For patients with melanoma, the de-escalation of therapy in the form of drug holidays is safe and may be offered to those whose disease responds to first-line ITH. Patients who experienced CR before a drug holiday have a high probability of a second response at re-treatment, as suggested in lung cancer trials before including KEYNOTE-010, KEYNOTE-024, and KEYNOTE-042 studies. It is not expected that a treatment break will completely decrease the risk of ITH toxicity because of the specific mode of action of checkpoint inhibitors. Late toxicities emerging after discontinuation of anti-PD-1 therapies have been described. Most importantly, most patients with melanoma who used drug holidays with no evidence of disease progression were still progression free at 24 months after discontinuation. Patients whose initial ITH duration was <24 months and those who did not have an objective response have a higher risk of progression. ITH re-challenge enables disease control after initial progression on drug holiday. Re-initiating ITH appears to be safe and shows potential for achieving disease control. Treatment breaks after the initial response may be considered in carefully clinically selected patients with disease control. In patients with a CR and who are treated for >6 months, the risk of relapse after treatment discontinuation was low. In the future, PET–CT and liquid biopsy (e.g., circulating tumor DNA), or tissue biopsy may become recommended techniques for assessing the effectiveness of ITH with ICIs before a drug holiday. The introduction of ITH using nivolumab, pembrolizumab, and ipilimumab has significantly enhanced the prognosis for individuals facing advanced melanoma. Nonetheless, these treatments place a substantial financial strain on both patients and healthcare systems, so the first financial analyses of treatment de-escalation have been conducted. Cost-effectiveness analysis suggests that tailoring treatment de-escalation based on treatment response in patients with advanced melanoma could result in significant cost savings for the healthcare system. The authors even suggested that such an approach is a potentially cost-effective treatment mode applicable across diverse resource settings. Nevertheless, it was pointed out that clinical trials should focus on generating additional evidence regarding the noninferiority of treatment breaks to support this strategy further [50].

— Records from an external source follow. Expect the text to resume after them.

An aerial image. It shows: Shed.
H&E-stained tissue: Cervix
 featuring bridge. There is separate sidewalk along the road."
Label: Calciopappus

Our study has several limitations. First, the number of patients treated with combined nivolumab and ipilimumab, which is currently the preferred first-line ITH, was relatively low. Another limitation was the availability of drug holidays in the drug reimbursement program: patients treated before a certain time point could not be referred to drug holidays, so these patients had a longer duration of ITH to comply with program regulations. Also, data from these patients were collected retrospectively.

In conclusion, our study supports the elective discontinuation of ITH in patients with advanced melanoma with CR, PR, or SD. At 3 years since drug holidays were introduced, the PFS3 was 65%. In patients experiencing progression, the activity of ITH was still observed, with a 58.9% ORR to the ITH re-challenge. Patients with a CR had the most favorable survival upon ITH discontinuation, suggesting that drug holidays should primarily be considered in this group of patients.